2. The battery module according to claim 1, wherein the second region extends in the first direction so as to be located above at least a plurality of the gas-discharge valves.

3. The battery module according to claim 1, wherein the second region is provided with a notch portion, a thin portion, or a groove portion formed in the cover member.

4. The battery module according to claim 1, wherein

the second region extends in the first direction so as to be located above at least a plurality of the gas-discharge valves, and

the second region is provided with a notch portion, a thin portion, or a groove portion formed in the cover member.

5. The battery module according to claim 1, wherein the second region is formed by providing a detachable lid at a cavity of the cover member.

6. The battery module according to claim 1, wherein

the second region extends in the first direction so as to be located above at least a plurality of the gas-discharge valves, and

the second region is formed by providing a detachable lid at a cavity of the cover member.

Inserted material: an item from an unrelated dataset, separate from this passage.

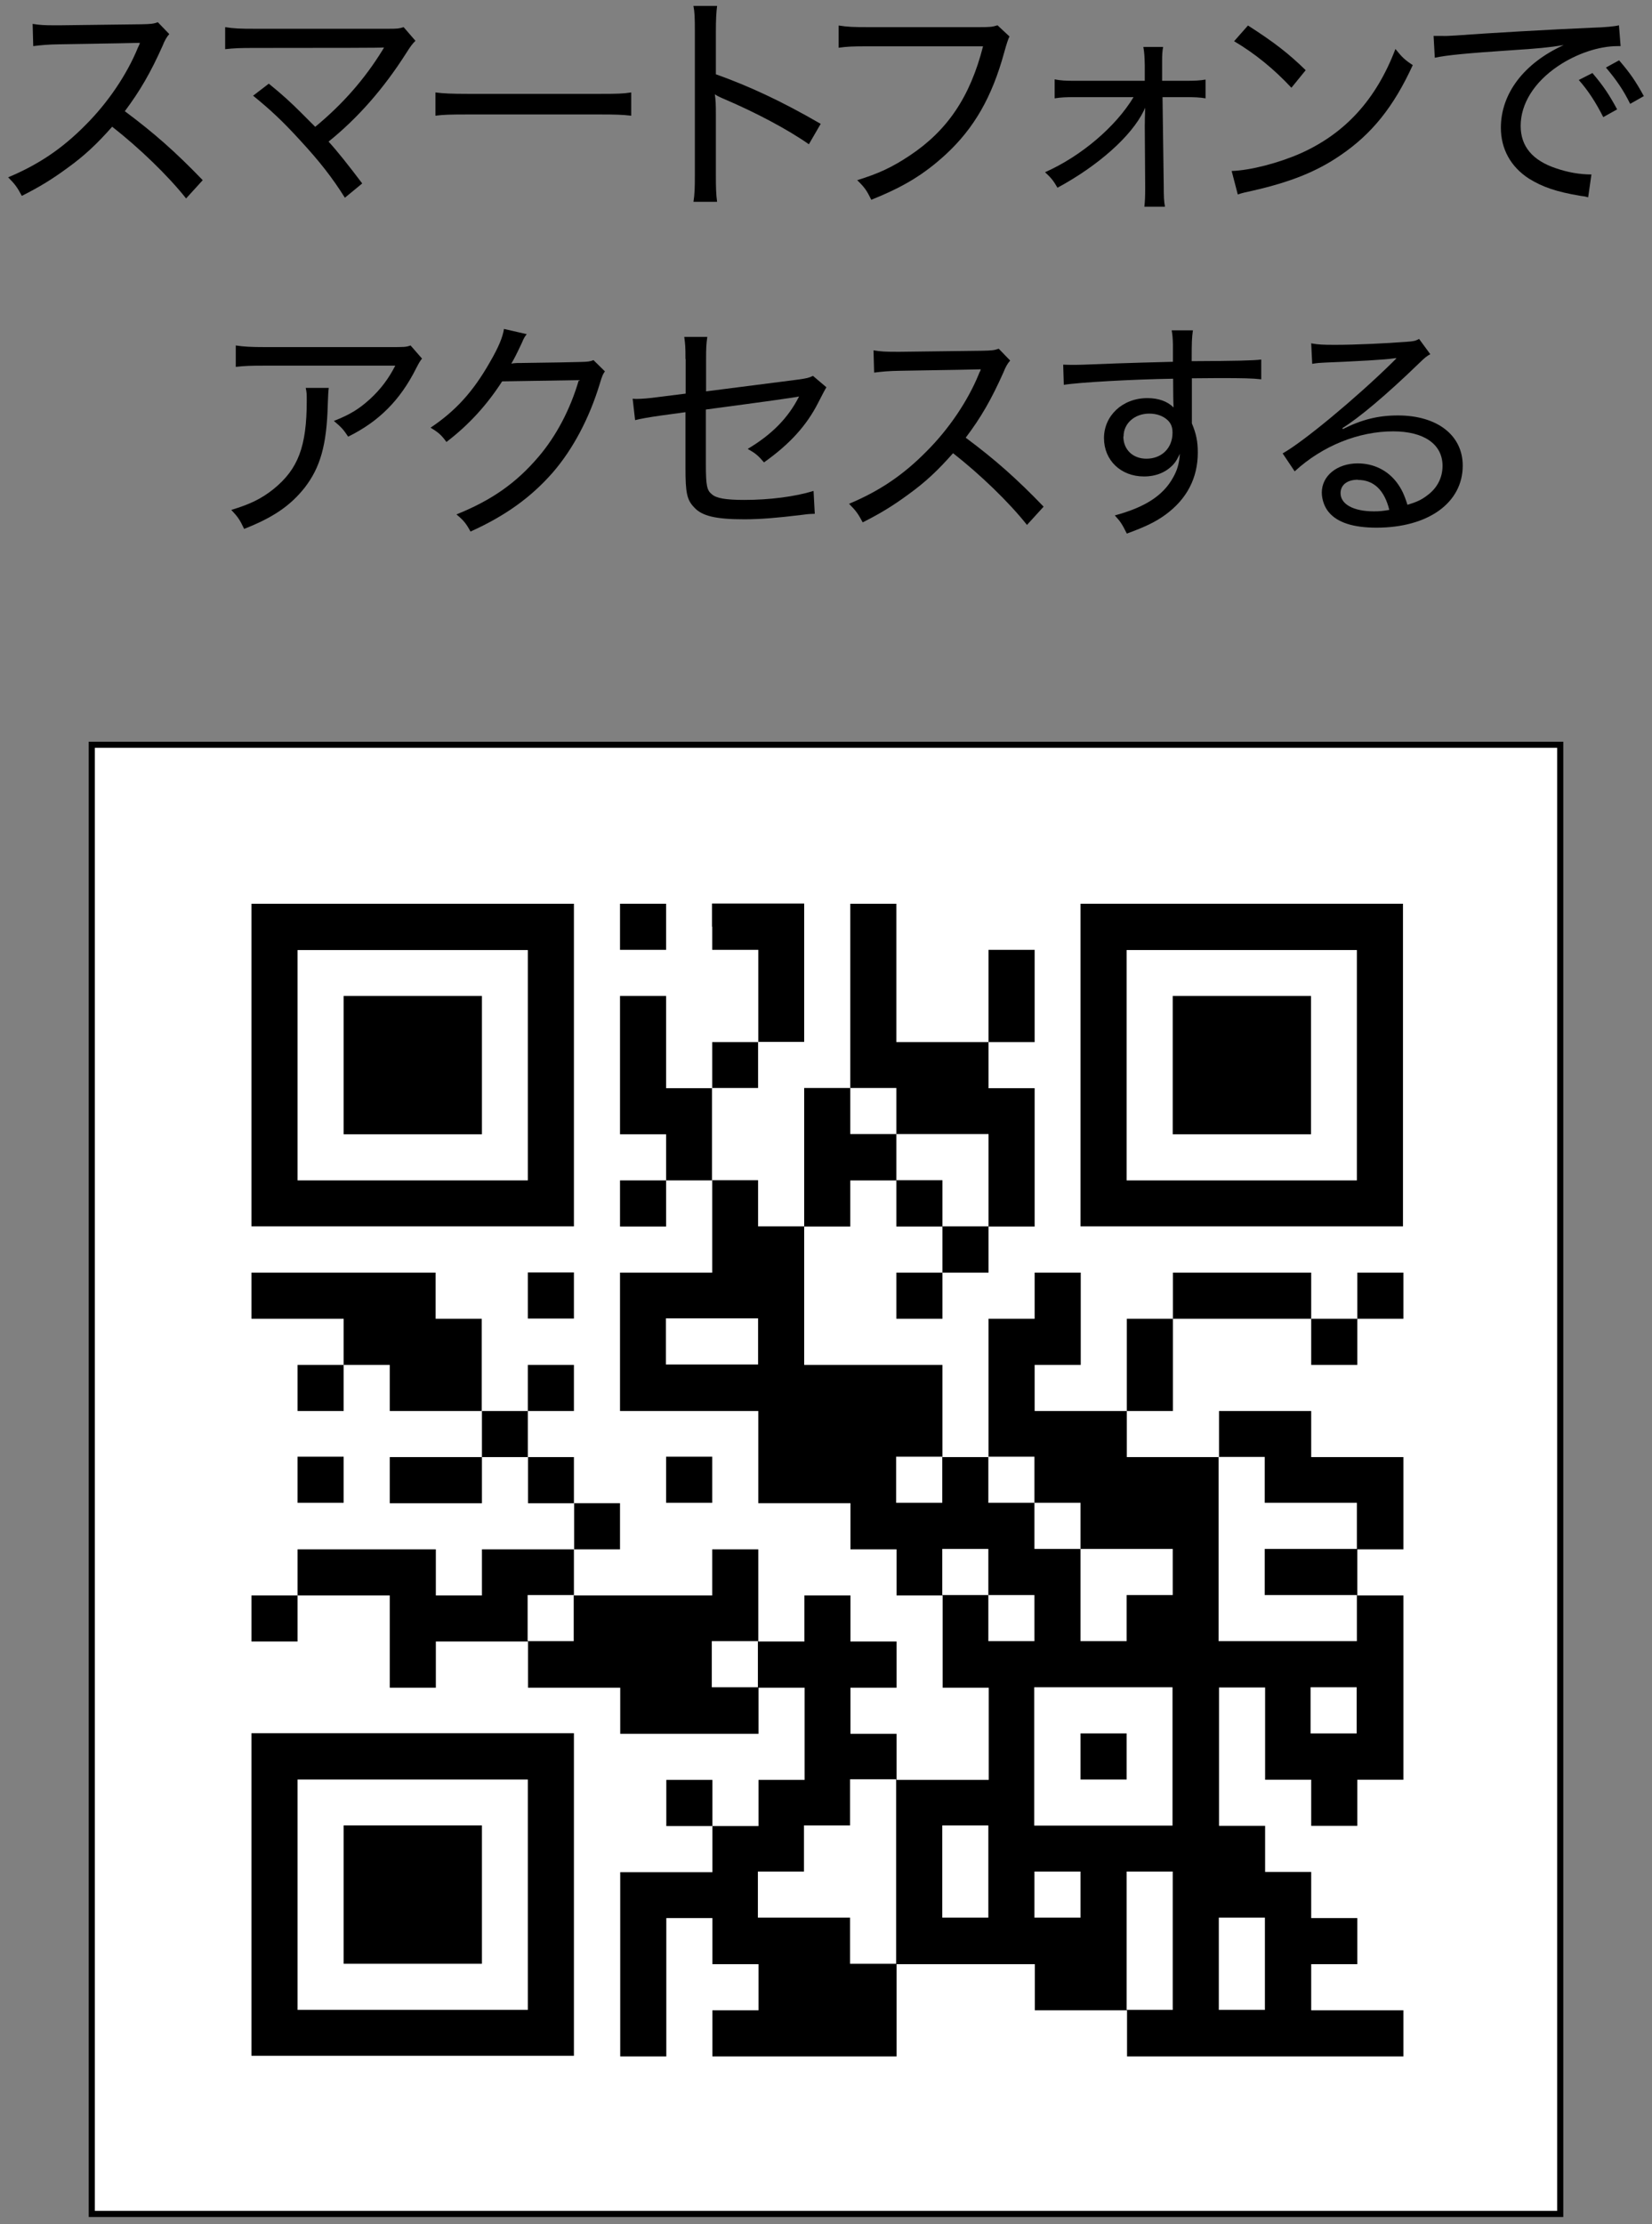 <?xml version="1.0" encoding="UTF-8"?><svg id="_背景" xmlns="http://www.w3.org/2000/svg" viewBox="0 0 81 109"><rect x="0" y="0" width="81" height="109" fill="#808080" stroke="none"/><defs><style>.cls-1{fill:#fff;stroke:#000;stroke-miterlimit:10;stroke-width:.3px;}</style></defs><path d="M9.12,9.72c-.89-1.12-2.28-2.46-3.62-3.51-.76,.86-1.36,1.42-2.19,2.02-.79,.58-1.39,.94-2.24,1.37-.22-.41-.32-.56-.67-.91,1.48-.62,2.65-1.4,3.81-2.58,1.08-1.08,2.01-2.45,2.55-3.77,.04-.08,.04-.09,.07-.15,.01-.03,.02-.05,.03-.09q-.14,.01-3.91,.07c-.62,.01-.91,.04-1.32,.09l-.03-1.09c.36,.06,.59,.07,1.09,.07h.25l3.98-.05c.47-.01,.6-.02,.82-.1l.56,.58c-.13,.15-.22,.3-.33,.58-.59,1.32-1.11,2.21-1.85,3.2,1.45,1.08,2.5,2.01,3.82,3.38l-.82,.9Z"/><path d="M15.45,6.22c1.36-1.12,2.43-2.35,3.29-3.74,.04-.07,.05-.08,.09-.15q-.17,.02-6.35,.02c-.68,0-1,.01-1.44,.06V1.33c.43,.07,.75,.08,1.45,.08h6.56c.43,0,.53-.01,.74-.08l.58,.67c-.15,.15-.23,.25-.47,.63-1.09,1.71-2.35,3.15-3.79,4.31,.43,.47,.97,1.15,1.65,2.05l-.85,.7c-.61-.97-1.22-1.76-2.21-2.83-.84-.92-1.44-1.48-2.29-2.17l.77-.59c.69,.56,1.1,.94,1.58,1.42l.7,.7Z"/><path d="M21.35,4.53c.37,.05,.79,.07,1.59,.07h6.46c.92,0,1.15-.01,1.55-.07v1.14c-.44-.05-.77-.06-1.56-.06h-6.44c-.91,0-1.2,.01-1.6,.06v-1.14Z"/><path d="M34,9.9c.06-.38,.07-.68,.07-1.33V1.56c0-.69-.01-.97-.07-1.27h1.16c-.04,.33-.06,.66-.06,1.3V3.64c1.62,.58,3.19,1.3,5.14,2.43l-.58,1c-1.01-.71-2.6-1.56-4.23-2.25-.17-.08-.22-.09-.38-.2,.04,.29,.05,.48,.05,.94v3c0,.61,.01,.98,.06,1.33h-1.16Z"/><path d="M49.49,1.8q-.08,.15-.25,.76c-.6,2.2-1.48,3.73-2.88,5.02-1.06,.97-2.06,1.58-3.64,2.21-.22-.45-.32-.6-.69-.96,1.04-.32,1.71-.63,2.58-1.21,1.85-1.23,2.96-2.88,3.59-5.35h-5.68c-.67,0-1,.01-1.4,.07V1.25c.45,.07,.71,.08,1.43,.08h5.48c.52,0,.62-.01,.88-.09l.6,.56Z"/><path d="M56.13,6.19c0-.23,.01-.62,.02-.91t-.07,.15c-.6,1.24-2.23,2.69-4.23,3.77-.21-.36-.3-.47-.61-.76,1.76-.78,3.46-2.22,4.34-3.68h-2.83c-.48,0-.73,.01-1.04,.06v-.93c.32,.06,.51,.07,1.04,.07h3.38v-.75c-.01-.45-.02-.61-.07-.91h.97c-.04,.22-.05,.38-.05,.69v.97h1.09c.53,0,.75-.01,1.04-.06v.92c-.28-.05-.56-.06-1.04-.06h-1.07l.06,4.36c0,.52,.01,.74,.06,1.01h-1.01c.03-.26,.04-.51,.04-.89v-.13l-.02-2.93Z"/><path d="M60.39,8.38c.92-.03,2.3-.39,3.37-.86,2.2-.98,3.72-2.65,4.66-5.12,.32,.4,.45,.53,.85,.79-.94,2.05-2.01,3.38-3.56,4.43-1.17,.8-2.46,1.31-4.31,1.73-.37,.08-.46,.1-.71,.18l-.3-1.15Zm.8-7.13c1.28,.82,1.99,1.37,2.83,2.19l-.7,.86c-.86-.92-1.78-1.67-2.81-2.28l.68-.77Z"/><path d="M70.29,1.76h.41c.16,.01,.31,0,.67-.02,1.61-.12,4.76-.3,6.66-.38,.7-.02,1.16-.07,1.35-.12l.08,1.02h-.14c-.93,0-2.02,.37-2.93,.98-1.17,.79-1.83,1.85-1.83,2.93,0,1.01,.59,1.7,1.74,2.08,.58,.2,1.17,.3,1.73,.3l-.16,1.12c-.14-.04-.18-.05-.37-.07-1.19-.2-1.86-.43-2.54-.85-.89-.58-1.37-1.45-1.37-2.49,0-1.68,1.14-3.17,3.08-4.05-.74,.12-1.29,.17-2.53,.25-2.23,.15-3.18,.24-3.79,.37l-.06-1.08Zm7.79,1.82c.54,.64,.81,1.04,1.21,1.78l-.68,.38c-.36-.71-.73-1.29-1.2-1.82l.67-.34Zm1.31-.62c.54,.63,.79,.99,1.21,1.75l-.67,.38c-.33-.67-.68-1.18-1.19-1.78l.64-.35Z"/><path d="M16.12,19.01q-.03,.21-.05,.84c-.05,1.94-.36,3.06-1.14,4.06-.7,.88-1.55,1.46-2.96,2.01-.21-.45-.31-.59-.63-.93,.93-.28,1.48-.55,2.07-1.02,1.21-.98,1.63-2.09,1.63-4.33,0-.32,0-.4-.05-.63h1.12Zm4.58-1.45c-.12,.16-.15,.21-.29,.48-.79,1.58-1.84,2.62-3.34,3.36-.23-.35-.33-.46-.7-.77,.81-.32,1.24-.59,1.78-1.08,.52-.48,.91-1,1.23-1.63h-6.4c-.69,0-.99,.01-1.42,.06v-1.05c.4,.06,.74,.08,1.44,.08h6.12c.71,0,.78,0,1.01-.08l.55,.63Z"/><path d="M25.83,16.37c-.1,.14-.12,.14-.25,.45-.28,.59-.37,.77-.51,1q.09-.02,.29-.03h.14c1.61-.02,2.59-.04,2.93-.05,.41-.01,.48-.02,.67-.09l.56,.55c-.1,.15-.12,.17-.25,.6-.51,1.69-1.32,3.22-2.31,4.36-1.06,1.21-2.32,2.12-4.03,2.89-.22-.4-.33-.54-.69-.84,1.74-.7,2.93-1.54,4.03-2.83,.86-1.01,1.55-2.31,1.97-3.75l-3.76,.06c-.74,1.15-1.63,2.13-2.73,2.97-.25-.34-.38-.46-.78-.7,1.24-.83,2.09-1.77,2.91-3.21,.43-.74,.63-1.23,.69-1.63l1.13,.26Z"/><path d="M33.61,17.6c0-.62-.01-.71-.06-1.09h1.13c-.05,.36-.06,.56-.06,1.09v1.58l4.53-.58c.41-.06,.51-.08,.71-.18l.66,.56q-.09,.14-.41,.77c-.56,1.1-1.38,2.01-2.65,2.91-.31-.36-.43-.45-.8-.66,1.18-.7,1.99-1.52,2.52-2.57q-.21,.06-4.57,.64v2.67c0,1.06,.05,1.29,.29,1.48,.22,.2,.68,.28,1.6,.28,1.24,0,2.48-.16,3.39-.44l.06,1.12c-.32,.01-.4,.02-.69,.06-1.15,.14-1.99,.21-2.77,.21-1.39,0-2.07-.16-2.45-.58-.36-.37-.43-.71-.43-1.94v-2.73l-1.24,.17q-.84,.12-1.23,.22l-.12-1.05c.08,.01,.16,.01,.2,.01,.23,0,.62-.03,1.05-.09l1.35-.17v-1.7Z"/><path d="M50.35,25.72c-.89-1.12-2.28-2.46-3.62-3.51-.76,.86-1.36,1.42-2.19,2.02-.79,.58-1.39,.94-2.24,1.37-.22-.41-.32-.56-.67-.91,1.48-.62,2.65-1.4,3.81-2.58,1.08-1.08,2.01-2.45,2.55-3.77,.03-.08,.03-.09,.07-.15,.01-.03,.02-.05,.03-.09q-.14,.01-3.91,.07c-.62,.01-.91,.04-1.32,.09l-.03-1.09c.36,.06,.59,.07,1.09,.07h.25l3.98-.05c.47-.01,.6-.02,.82-.1l.56,.58c-.13,.15-.22,.3-.33,.58-.59,1.32-1.1,2.21-1.85,3.2,1.45,1.08,2.5,2.01,3.82,3.38l-.82,.9Z"/><path d="M57.51,16.86c-.01-.31-.02-.43-.06-.67h1.04c-.05,.36-.06,.53-.06,1.51,2.15-.01,3.03-.03,3.41-.08v.97c-.44-.05-.85-.06-2.12-.06-.16,0-.36,0-1.28,.01v2.21c.21,.5,.29,.88,.29,1.43,0,1.24-.53,2.27-1.58,3.04-.48,.35-.97,.59-1.9,.93-.23-.46-.31-.59-.59-.89,1.48-.4,2.37-.97,2.86-1.86,.21-.37,.3-.7,.33-1.16-.12,.24-.18,.37-.31,.51-.35,.39-.85,.6-1.45,.6-1.13,0-1.96-.79-1.96-1.88s.9-1.96,2.13-1.96c.54,0,.99,.16,1.28,.46v-.08c-.01-.1-.02-.7-.02-1.33-1.97,.03-4.65,.18-5.36,.3l-.03-.99c.23,.01,.32,.01,.49,.01,.31,0,.38,0,2.12-.07,.98-.03,1.48-.05,2.77-.08v-.86Zm-2.43,4.53c0,.64,.46,1.09,1.13,1.09,.75,0,1.28-.52,1.28-1.27,0-.28-.07-.45-.23-.61-.23-.22-.55-.33-.91-.33-.72,0-1.26,.48-1.26,1.12Z"/><path d="M64.31,16.83c.33,.06,.58,.07,1.16,.07,.97,0,2.49-.07,3.51-.15,.33-.02,.44-.05,.6-.14l.55,.75c-.17,.09-.24,.14-.59,.48-1.55,1.5-2.93,2.66-3.72,3.14l.02,.05c.93-.47,1.74-.67,2.7-.67,1.93,0,3.18,.97,3.18,2.46,0,1.82-1.69,3.04-4.23,3.04-1.13,0-1.91-.25-2.33-.75-.21-.24-.35-.62-.35-.97,0-.82,.75-1.43,1.76-1.43,.77,0,1.46,.33,1.92,.94,.23,.31,.36,.58,.52,1.09,.43-.13,.68-.24,.94-.44,.51-.36,.78-.88,.78-1.47,0-1.06-.91-1.69-2.42-1.69-1.7,0-3.47,.71-4.83,1.96l-.59-.88c1.01-.56,3.62-2.73,5.35-4.43l.09-.09,.13-.13v-.02s-.07,.01-.1,.01c-.43,.07-1.73,.14-3.41,.21-.24,.01-.36,.02-.61,.06l-.05-1.01Zm2.27,6.68c-.52,0-.85,.25-.85,.66,0,.54,.63,.89,1.63,.89,.26,0,.39-.01,.76-.07-.24-.97-.76-1.47-1.54-1.47Z"/><rect id="_長方形_273" class="cls-1" x="4.5" y="36.5" width="72" height="72"/><g><path d="M12.33,52.2v7.9h15.81v-15.81H12.33v7.9Zm13.55,0v5.65H14.59v-11.29h11.29v5.65Zm0,0"/><path d="M16.85,52.2v3.39h6.78v-6.78h-6.78v3.39Zm0,0"/><path d="M30.4,45.42v1.13h2.26v-2.26h-2.26v1.13Zm0,0"/><path d="M34.92,45.42v1.13h2.26v4.52h-2.26v2.26h-2.26v-4.52h-2.26v6.78h2.26v2.26h-2.26v2.26h2.26v-2.26h2.26v4.52h-4.52v6.78h6.78v4.52h4.52v2.26h2.26v2.26h2.26v4.52h2.26v4.52h-4.52v-2.26h-2.26v-2.26h2.26v-2.26h-2.26v-2.26h-2.26v2.26h-2.26v-4.52h-2.26v2.26h-6.78v-2.26h2.26v-2.26h-2.26v-2.26h-2.26v-2.26h2.26v-2.26h-2.26v2.26h-2.26v-4.52h-2.26v-2.26H12.33v2.26h4.52v2.26h-2.26v2.26h2.26v-2.26h2.26v2.26h4.52v2.26h-4.52v2.26h4.52v-2.26h2.26v2.26h2.26v2.26h-4.52v2.26h-2.26v-2.26h-6.78v2.26h-2.26v2.26h2.26v-2.26h4.52v4.52h2.26v-2.26h4.52v2.26h4.52v2.26h6.78v-2.26h2.26v4.52h-2.26v2.26h-2.26v-2.26h-2.26v2.26h2.26v2.26h-4.52v9.03h2.26v-6.78h2.26v2.26h2.26v2.26h-2.26v2.26h9.03v-4.52h6.78v2.26h4.52v2.26h13.55v-2.26h-4.52v-2.26h2.26v-2.26h-2.26v-2.26h-2.26v-2.26h-2.26v-6.78h2.26v4.52h2.26v2.26h2.26v-2.26h2.26v-9.03h-2.26v-2.26h2.26v-4.52h-4.52v-2.26h-4.52v2.26h-4.52v-2.26h2.26v-4.52h6.78v2.26h2.26v-2.26h2.26v-2.26h-2.26v2.26h-2.26v-2.26h-6.78v2.26h-2.26v4.52h-4.52v-2.26h2.26v-4.52h-2.26v2.26h-2.26v6.78h-2.26v-4.52h-6.78v-6.78h2.26v-2.26h2.26v2.26h2.26v2.26h-2.26v2.26h2.26v-2.26h2.26v-2.26h2.26v-6.78h-2.26v-2.26h2.26v-4.52h-2.26v4.52h-4.52v-6.78h-2.26v9.03h-2.26v6.78h-2.26v-2.26h-2.26v-4.52h2.26v-2.26h2.26v-6.78h-4.52v1.13Zm9.03,9.03v1.13h4.52v4.52h-2.26v-2.26h-2.26v-2.26h-2.26v-2.26h2.26v1.13Zm-6.78,11.29v1.13h-4.52v-2.26h4.52v1.13Zm9.03,6.78v1.13h-2.26v-2.26h2.26v1.13Zm4.52,0v1.13h2.26v2.26h4.52v2.26h-2.26v2.26h-2.26v-4.52h-2.26v-2.26h-2.26v-2.26h2.26v1.13Zm11.29,0v1.13h4.52v2.26h-4.52v2.26h4.52v2.26h-6.78v-9.03h2.26v1.13Zm-13.55,4.52v1.13h2.26v2.26h-2.26v-2.26h-2.26v-2.26h2.26v1.13Zm-20.33,2.26v1.13h-2.26v-2.26h2.26v1.13Zm9.03,2.26v1.13h-2.26v-2.26h2.26v1.13Zm20.33,4.52v3.39h-6.78v-6.78h6.78v3.39Zm9.03-2.26v1.13h-2.26v-2.26h2.26v1.13Zm-22.58,7.9v4.52h-2.26v-2.26h-4.52v-2.26h2.26v-2.26h2.26v-2.26h2.26v4.52Zm4.52,0v2.26h-2.26v-4.52h2.26v2.26Zm4.52,1.13v1.13h-2.26v-2.26h2.26v1.13Zm4.52,2.26v3.39h-2.26v-6.78h2.26v3.39Zm4.52,1.13v2.26h-2.26v-4.52h2.26v2.26Zm0,0"/><path d="M52.98,86.08v1.13h2.26v-2.26h-2.26v1.13Zm0,0"/><path d="M52.98,52.2v7.9h15.81v-15.81h-15.81v7.9Zm13.55,0v5.65h-11.29v-11.29h11.29v5.65Zm0,0"/><path d="M57.5,52.2v3.39h6.78v-6.78h-6.78v3.39Zm0,0"/><path d="M25.88,63.49v1.13h2.26v-2.26h-2.26v1.13Zm0,0"/><path d="M14.59,72.52v1.13h2.26v-2.26h-2.26v1.13Zm0,0"/><path d="M32.66,72.52v1.13h2.26v-2.26h-2.26v1.13Zm0,0"/><path d="M12.33,92.85v7.9h15.81v-15.81H12.33v7.9Zm13.55,0v5.65H14.59v-11.29h11.29v5.65Zm0,0"/><path d="M16.85,92.85v3.39h6.78v-6.78h-6.78v3.39Zm0,0"/></g></svg>

7. The battery module according to claim 1, wherein the second region is formed with the second region of the cover member being composed of a material having a relatively low strength as compared with the first region.

8. The battery module according to claim 1, wherein

the second region extends in the first direction so as to be located above at least a plurality of the gas-discharge valves, and

the second region is formed with the second region of the cover member being composed of a material having a relatively low strength as compared with the first region.